• [Instructions for the task] Exactly as written, retype the listing below, omitting the pictures.

• [Given data]
"""
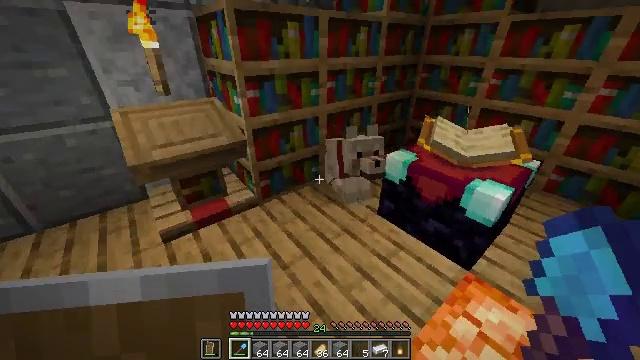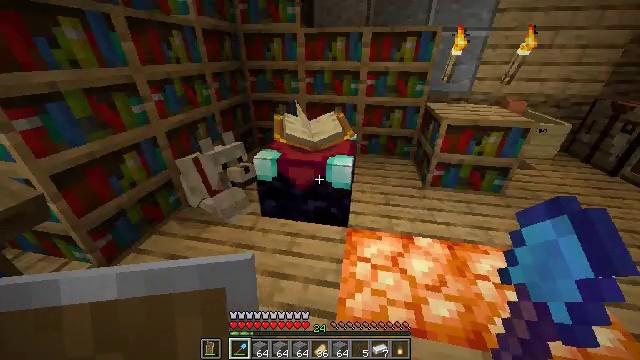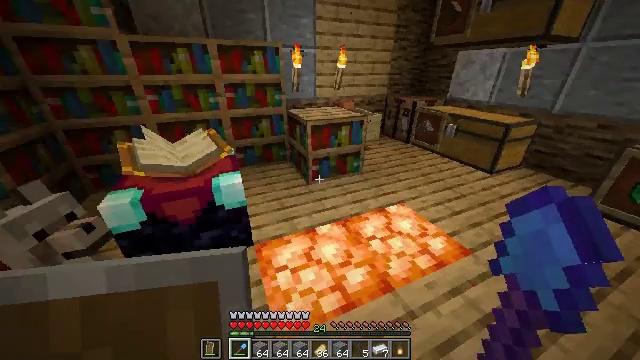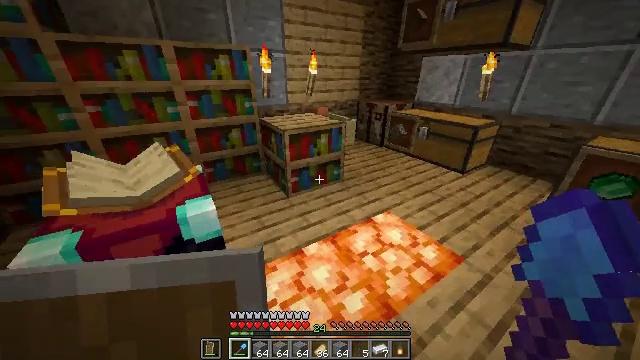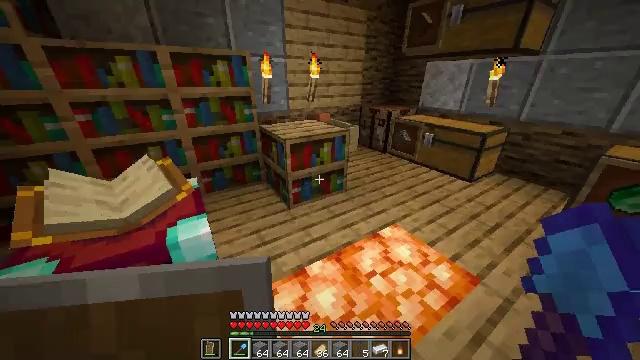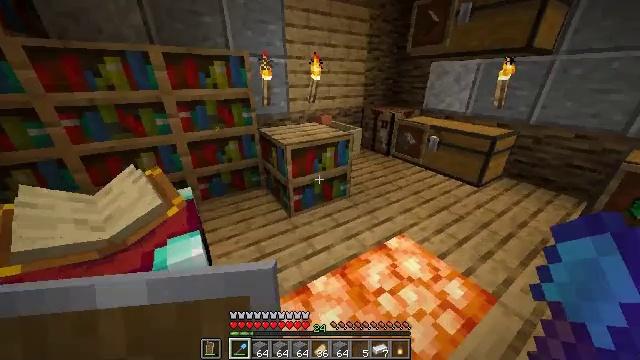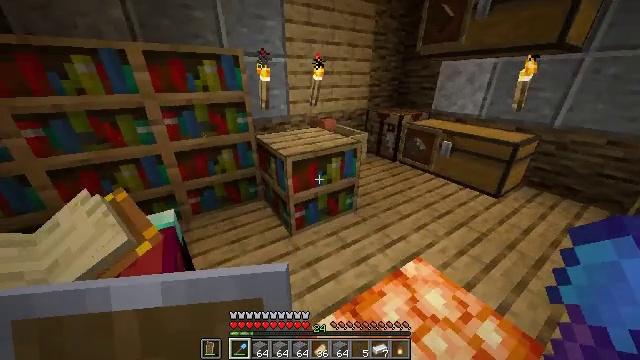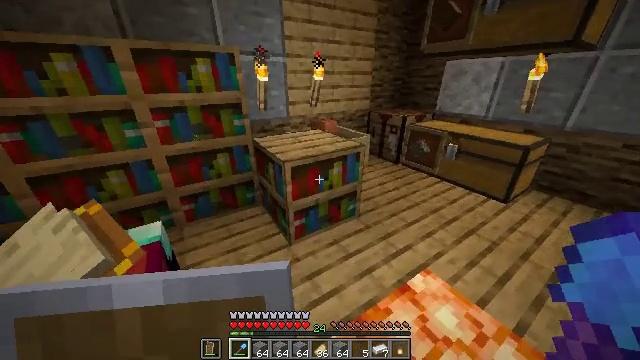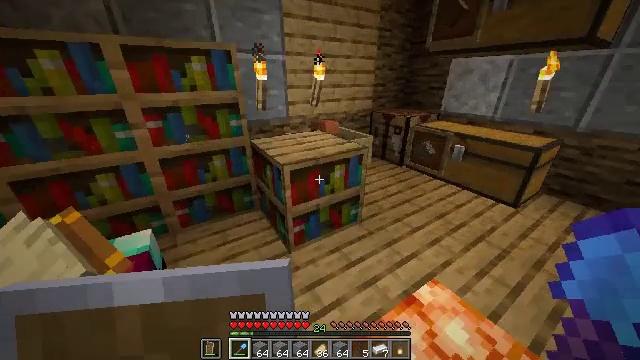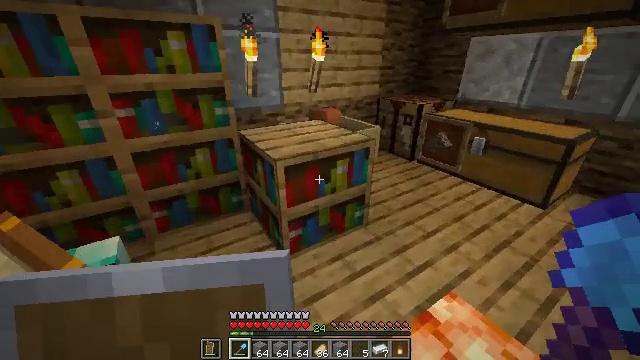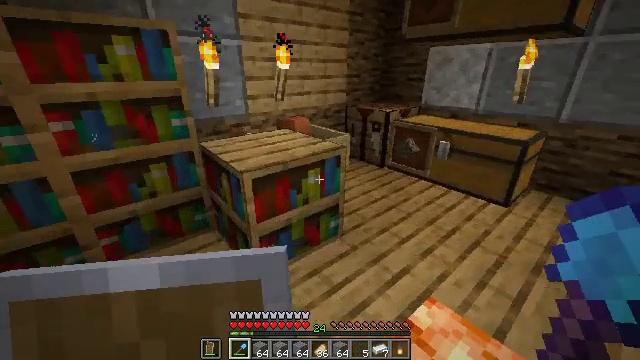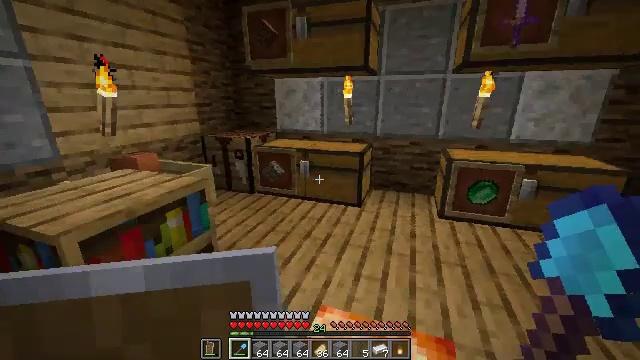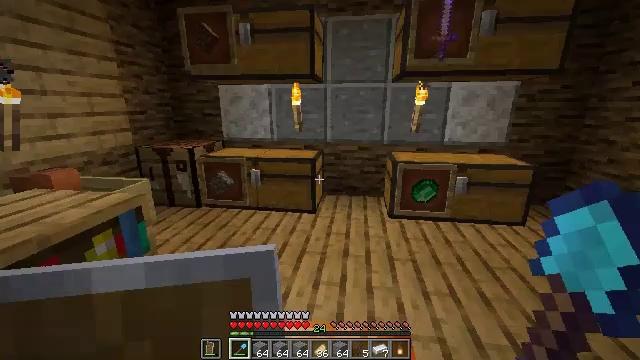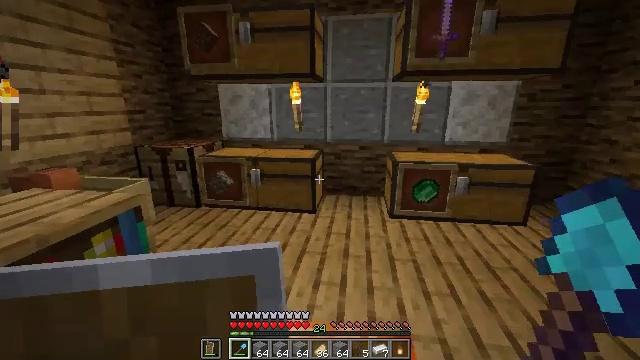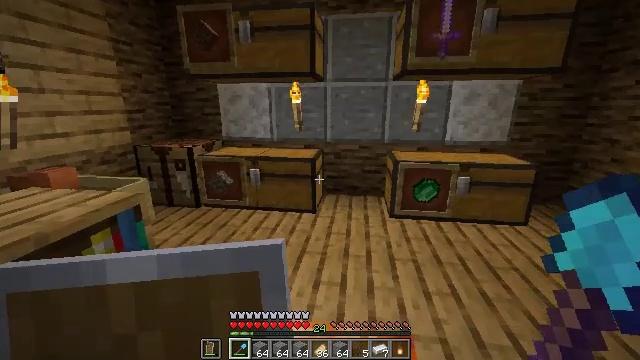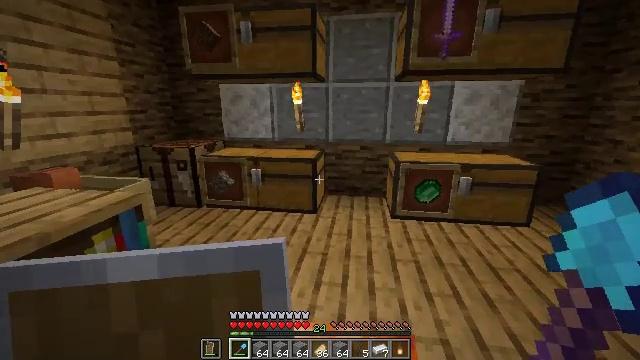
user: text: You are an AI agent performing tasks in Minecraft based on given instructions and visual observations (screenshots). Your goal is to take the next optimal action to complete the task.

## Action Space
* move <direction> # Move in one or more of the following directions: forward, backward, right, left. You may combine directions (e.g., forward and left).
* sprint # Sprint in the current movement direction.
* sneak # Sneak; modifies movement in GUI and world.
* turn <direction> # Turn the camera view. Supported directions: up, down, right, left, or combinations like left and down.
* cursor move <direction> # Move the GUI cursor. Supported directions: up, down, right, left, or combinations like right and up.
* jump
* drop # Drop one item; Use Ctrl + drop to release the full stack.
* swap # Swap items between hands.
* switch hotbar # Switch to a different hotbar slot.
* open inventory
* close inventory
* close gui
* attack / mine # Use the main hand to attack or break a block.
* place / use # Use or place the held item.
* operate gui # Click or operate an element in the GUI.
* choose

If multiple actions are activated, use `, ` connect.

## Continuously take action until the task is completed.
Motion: motion action
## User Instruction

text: Use polished diorite to get a polished diorite slab.
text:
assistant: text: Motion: move forward, turn right
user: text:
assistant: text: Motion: move forward, turn right and up
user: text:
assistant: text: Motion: move forward, turn right
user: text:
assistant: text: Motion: move forward
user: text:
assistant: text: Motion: move forward
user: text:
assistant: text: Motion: move forward
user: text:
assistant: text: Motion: no_op
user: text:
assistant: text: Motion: no_op
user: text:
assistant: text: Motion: turn down
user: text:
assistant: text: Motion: turn right and up
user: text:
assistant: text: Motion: turn right and up
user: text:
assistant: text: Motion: turn right and up
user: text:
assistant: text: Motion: no_op
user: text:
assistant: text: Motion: no_op
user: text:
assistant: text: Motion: no_op
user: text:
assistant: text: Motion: no_op
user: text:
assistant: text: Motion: no_op
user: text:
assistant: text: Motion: no_op
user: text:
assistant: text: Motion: no_op
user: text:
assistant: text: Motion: no_op
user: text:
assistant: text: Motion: no_op
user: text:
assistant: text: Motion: no_op
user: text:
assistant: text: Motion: no_op
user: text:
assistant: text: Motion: no_op
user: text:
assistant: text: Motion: move forward
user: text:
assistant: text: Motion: move forward
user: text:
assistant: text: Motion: move forward
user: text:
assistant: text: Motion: move forward, turn left
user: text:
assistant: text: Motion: move forward, turn left and down
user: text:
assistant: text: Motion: move forward, turn left
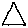
Label: triangle
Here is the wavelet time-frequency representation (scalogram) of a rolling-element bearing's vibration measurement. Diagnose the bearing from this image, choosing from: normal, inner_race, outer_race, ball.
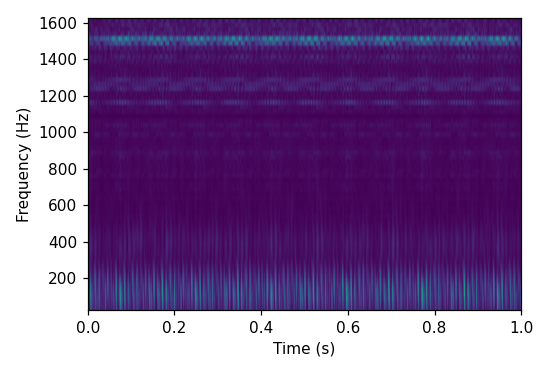
Answer: outer_race
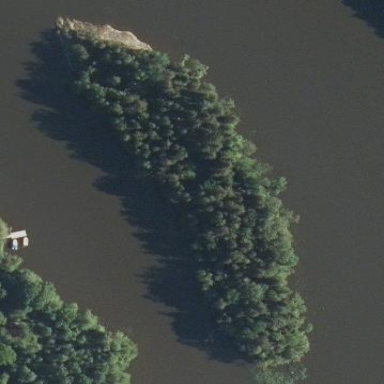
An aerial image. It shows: Forested islet.
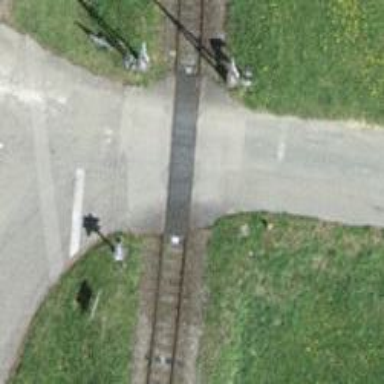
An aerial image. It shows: Level crossing along the railway.
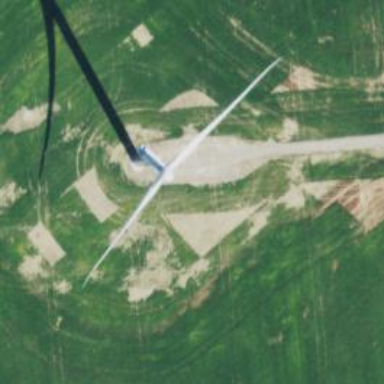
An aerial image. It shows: Wind generator with horizontal axis. The generator is wind turbine.
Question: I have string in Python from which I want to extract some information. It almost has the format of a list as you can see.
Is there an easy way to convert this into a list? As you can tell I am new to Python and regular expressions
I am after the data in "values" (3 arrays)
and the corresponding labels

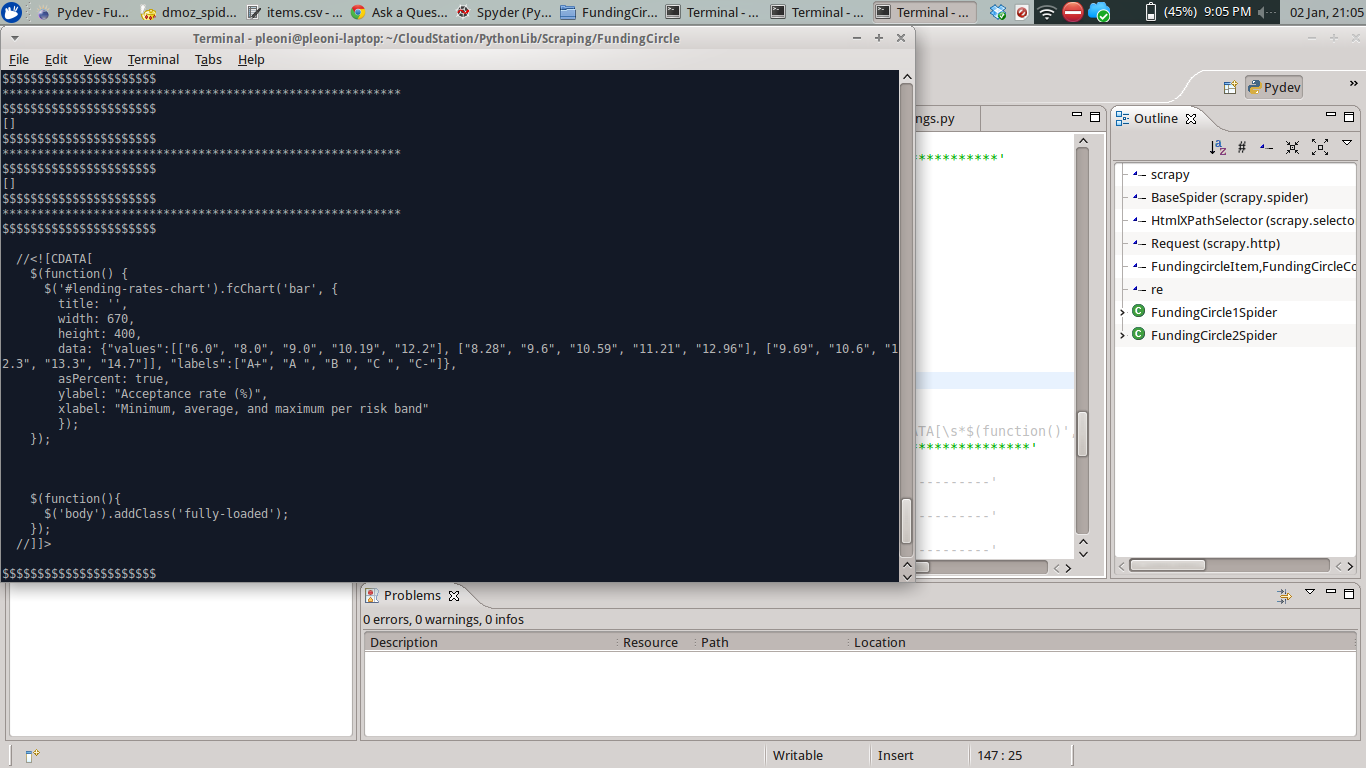
Answer: This is javascript, so best try with json decoding.
When this is the only text you want to decode or you always have only once the text '"values":'
, you can use
'''
import json
mark = '"values":'
lists = json.JSONDecoder().raw_decode(text, text.index(mark)+len(mark))[0]
'''
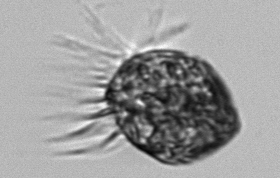
Label: Strombidium_morphotype1
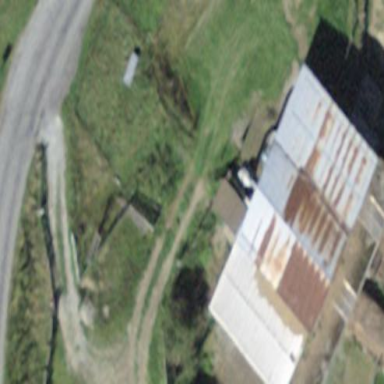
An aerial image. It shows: Cowshed building.
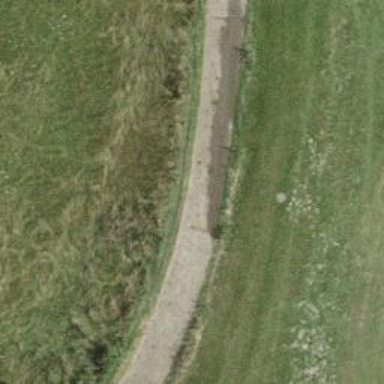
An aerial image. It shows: Well-maintained track road of grade 1.
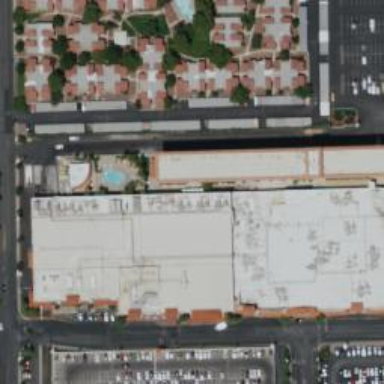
"""
• [Task answer]
user: text: You are an AI agent performing tasks in Minecraft based on given instructions and visual observations (screenshots). Your goal is to take the next optimal action to complete the task.

## Action Space
* move <direction> # Move in one or more of the following directions: forward, backward, right, left. You may combine directions (e.g., forward and left).
* sprint # Sprint in the current movement direction.
* sneak # Sneak; modifies movement in GUI and world.
* turn <direction> # Turn the camera view. Supported directions: up, down, right, left, or combinations like left and down.
* cursor move <direction> # Move the GUI cursor. Supported directions: up, down, right, left, or combinations like right and up.
* jump
* drop # Drop one item; Use Ctrl + drop to release the full stack.
* swap # Swap items between hands.
* switch hotbar # Switch to a different hotbar slot.
* open inventory
* close inventory
* close gui
* attack / mine # Use the main hand to attack or break a block.
* place / use # Use or place the held item.
* operate gui # Click or operate an element in the GUI.
* choose

If multiple actions are activated, use `, ` connect.

## Continuously take action until the task is completed.
Motion: motion action
## User Instruction

text: Use polished diorite to get a polished diorite slab.
text:
assistant: text: Motion: move forward, turn right
user: text:
assistant: text: Motion: move forward, turn right and up
user: text:
assistant: text: Motion: move forward, turn right
user: text:
assistant: text: Motion: move forward
user: text:
assistant: text: Motion: move forward
user: text:
assistant: text: Motion: move forward
user: text:
assistant: text: Motion: no_op
user: text:
assistant: text: Motion: no_op
user: text:
assistant: text: Motion: turn down
user: text:
assistant: text: Motion: turn right and up
user: text:
assistant: text: Motion: turn right and up
user: text:
assistant: text: Motion: turn right and up
user: text:
assistant: text: Motion: no_op
user: text:
assistant: text: Motion: no_op
user: text:
assistant: text: Motion: no_op
user: text:
assistant: text: Motion: no_op
user: text:
assistant: text: Motion: no_op
user: text:
assistant: text: Motion: no_op
user: text:
assistant: text: Motion: no_op
user: text:
assistant: text: Motion: no_op
user: text:
assistant: text: Motion: no_op
user: text:
assistant: text: Motion: no_op
user: text:
assistant: text: Motion: no_op
user: text:
assistant: text: Motion: no_op
user: text:
assistant: text: Motion: move forward
user: text:
assistant: text: Motion: move forward
user: text:
assistant: text: Motion: move forward
user: text:
assistant: text: Motion: move forward, turn left
user: text:
assistant: text: Motion: move forward, turn left and down
user: text:
assistant: text: Motion: move forward, turn left
Label: triangle
Here is the wavelet time-frequency representation (scalogram) of a rolling-element bearing's vibration measurement. Diagnose the bearing from this image, choosing from: normal, inner_race, outer_race, ball.
Answer: outer_race
An aerial image. It shows: Forested islet.
An aerial image. It shows: Level crossing along the railway.
An aerial image. It shows: Wind generator with horizontal axis. The generator is wind turbine.
Question: I have string in Python from which I want to extract some information. It almost has the format of a list as you can see.
Is there an easy way to convert this into a list? As you can tell I am new to Python and regular expressions
I am after the data in "values" (3 arrays)
and the corresponding labels

Answer: This is javascript, so best try with json decoding.
When this is the only text you want to decode or you always have only once the text '"values":'
, you can use
'''
import json
mark = '"values":'
lists = json.JSONDecoder().raw_decode(text, text.index(mark)+len(mark))[0]
'''
Label: Strombidium_morphotype1
An aerial image. It shows: Cowshed building.
An aerial image. It shows: Well-maintained track road of grade 1.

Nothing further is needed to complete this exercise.